Here’s the scene: Brian (a friend) and I were on a road trip. I’m on my phone. His phone rings, a female’s face pops up on the screen, and he answers. Some time later we both get off the phone and the following conversation ensues.

Brian: I don’t understand you women.
 
Me: What are you talking about?
 
Brian: [scoffs] Calling me talking about another man.
 
Me: Hunh?
 
Brian: I don’t understand y’all. She called me to ask me about her relationship with somebody else. I don’t care nothing about that dude.
 
Me: Okay.
 
Brian: You can’t call me asking about somebody else when you still call me sometimes to tell me you miss me, you want me to come visit, and all that stuff.
 

This conversation went on for a while until, he hit me with the purpose of this blog…

Brian: I mean, as far as I’m concerned, until a woman gets married, I am the only man she has ever been with.
 
Me: Whaaat?!??
 
Brian: …or until she has a baby. [pauses] Nah, not even a baby. Until she gets married. I don’t want to think about her with some other man. Yep, until a woman gets married I am the only one.
 

There’s a lesson in this conversation. As nonsensical as Brian’s foolishness sounded to me, it gave me a clear view into the often twisted male mind. According to Brian’s rule, he will always and forever have an opening with any and every woman in his past, until marriage do them part. Unless some other man stakes an official public claim to her, he will believe that he has a chance to rekindle whatever relationship they once shared.

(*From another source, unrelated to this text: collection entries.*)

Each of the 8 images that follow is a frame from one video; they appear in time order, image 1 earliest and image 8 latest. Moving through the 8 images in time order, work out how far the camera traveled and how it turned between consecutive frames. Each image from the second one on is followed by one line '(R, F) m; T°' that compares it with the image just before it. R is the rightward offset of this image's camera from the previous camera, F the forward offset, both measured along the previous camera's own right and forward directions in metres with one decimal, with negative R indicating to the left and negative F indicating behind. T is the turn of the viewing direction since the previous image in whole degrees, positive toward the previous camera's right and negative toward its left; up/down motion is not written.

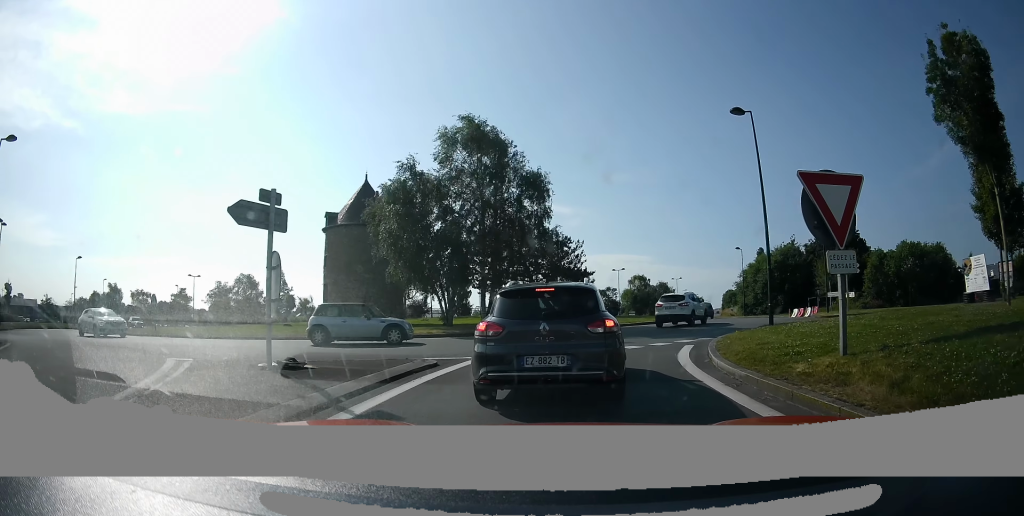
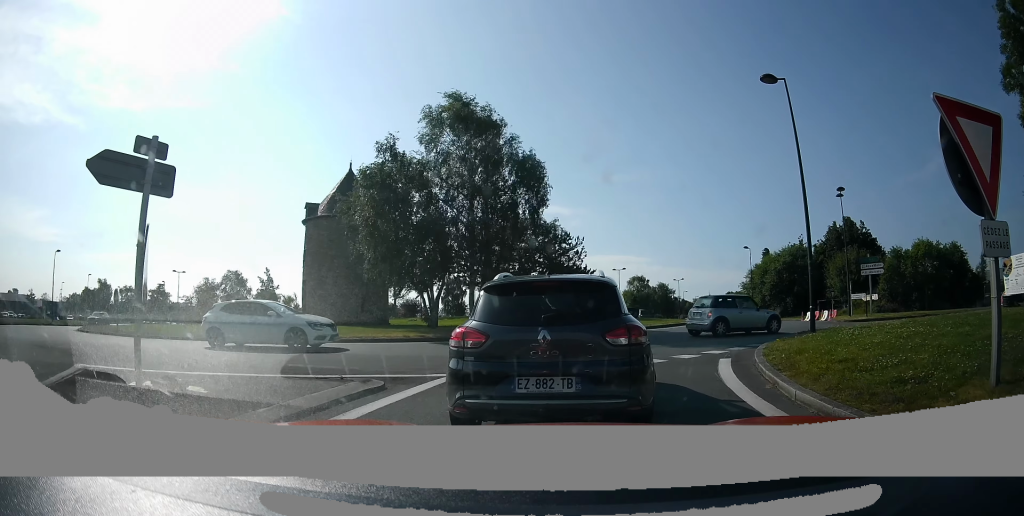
(+0.2, +3.9) m; +3°
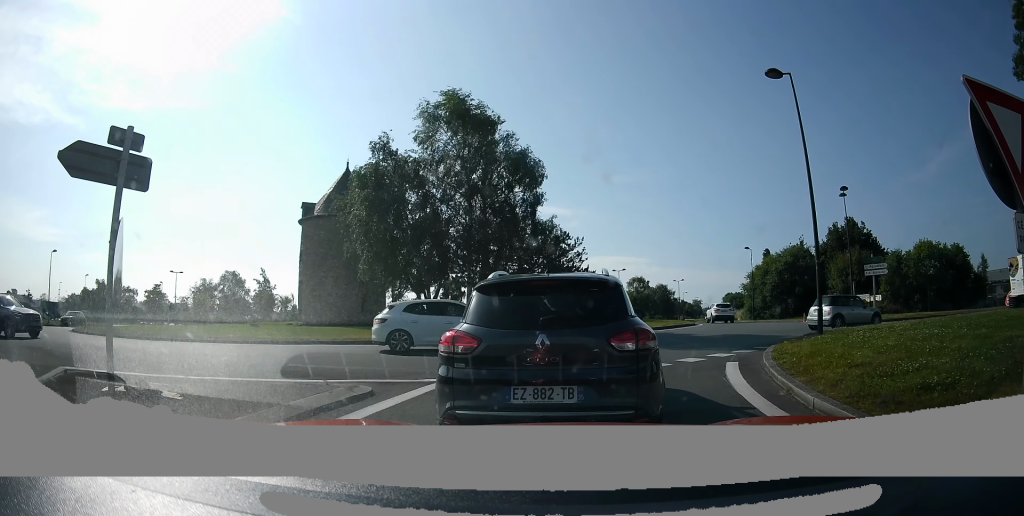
(0.0, +1.2) m; 0°
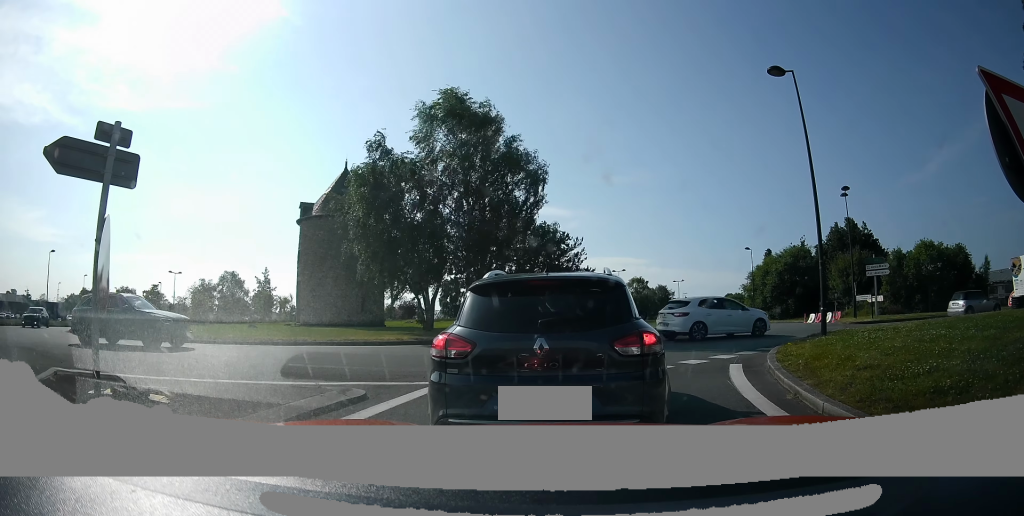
(0.0, +1.0) m; 0°
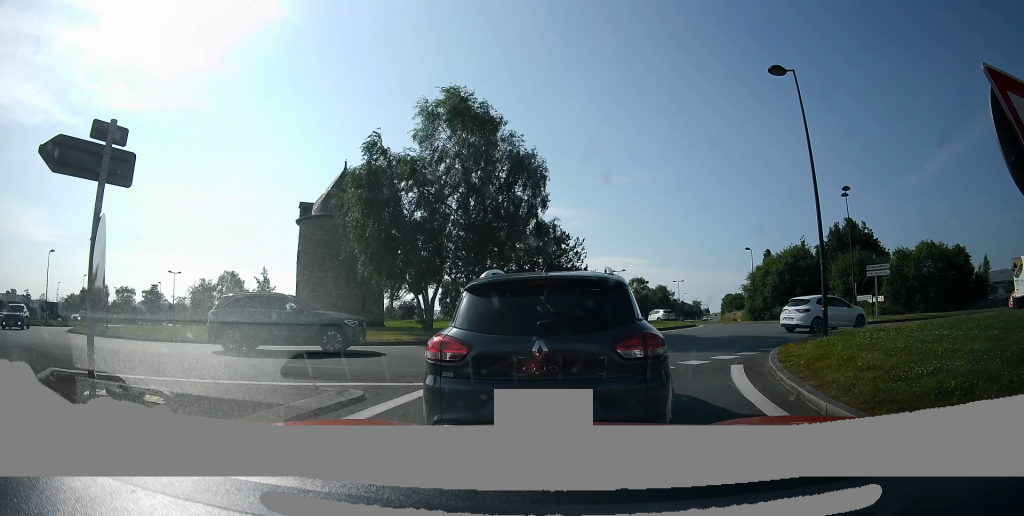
(-0.1, +0.6) m; 0°
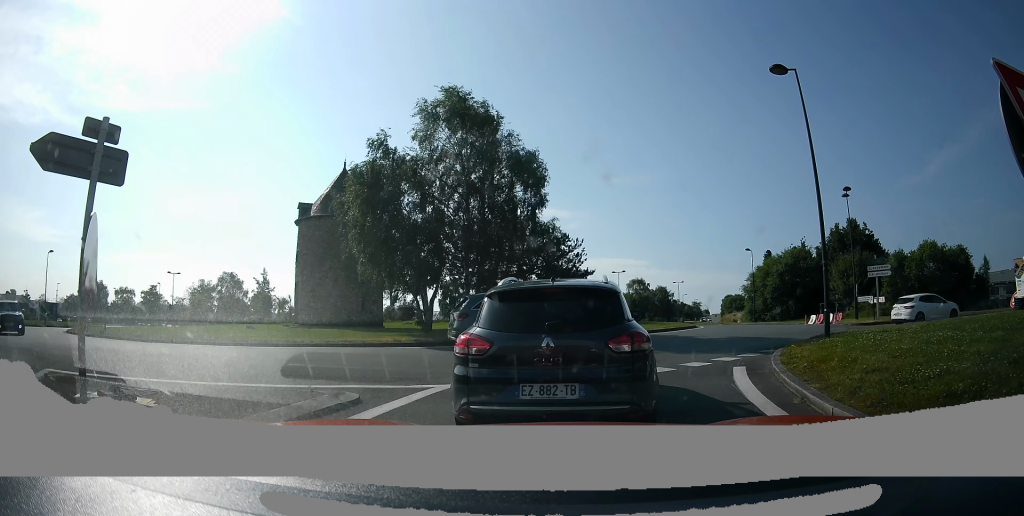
(-0.2, +0.7) m; 0°
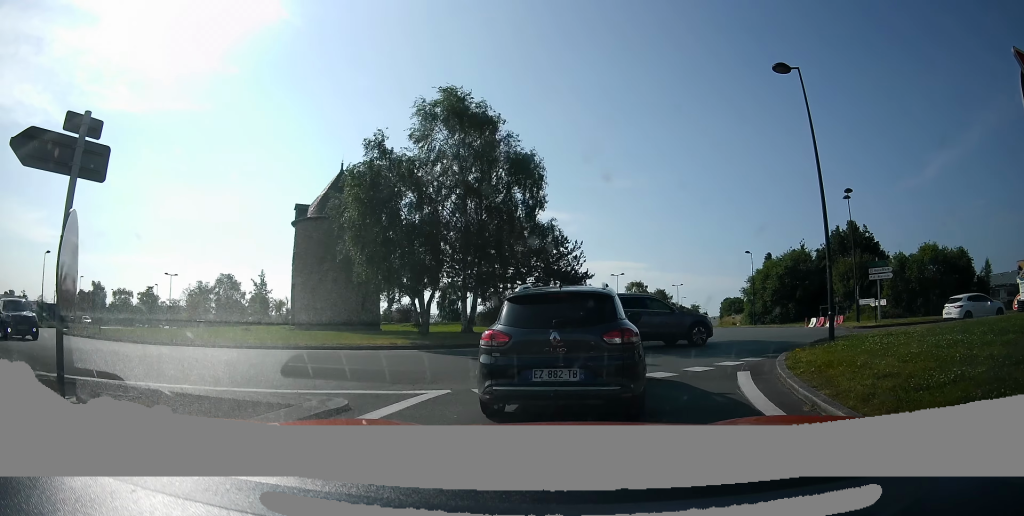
(-0.1, +0.4) m; 0°
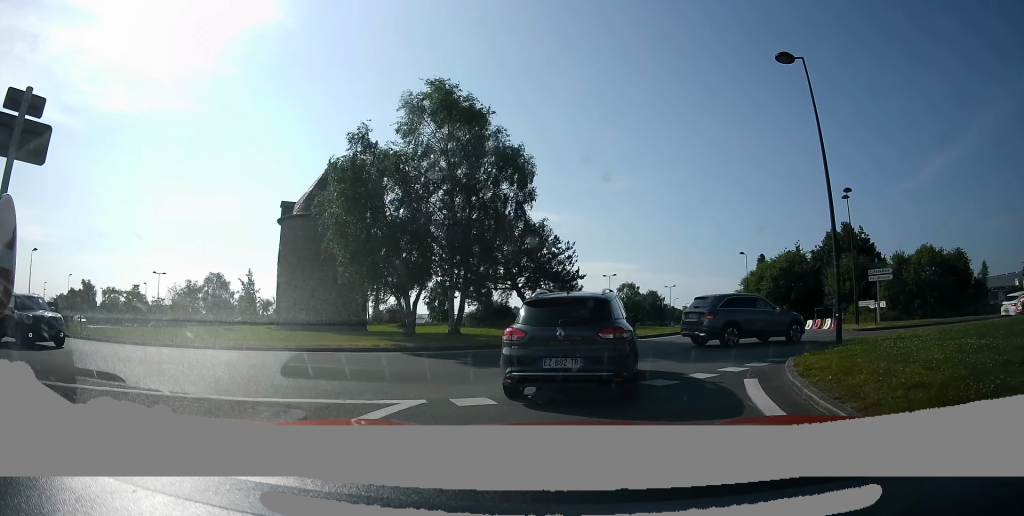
(-0.2, +0.4) m; 0°

I have often wondered why some man who I haven’t spoken to, been nice to, or responded to in a length of time (sometimes months, sometimes years) would waste time (both his and mine) by contacting me and attempting to (re)connect. And this answers my question…probably because he’s too damn dumb to realize that he has no chance. Thus, it does no good to be rude or dismissive in hopes that he will catch a clue. The only way some men will leave is if you marry. And here I sit eternally single and apparently an option for any and every man with whom I ever spent time.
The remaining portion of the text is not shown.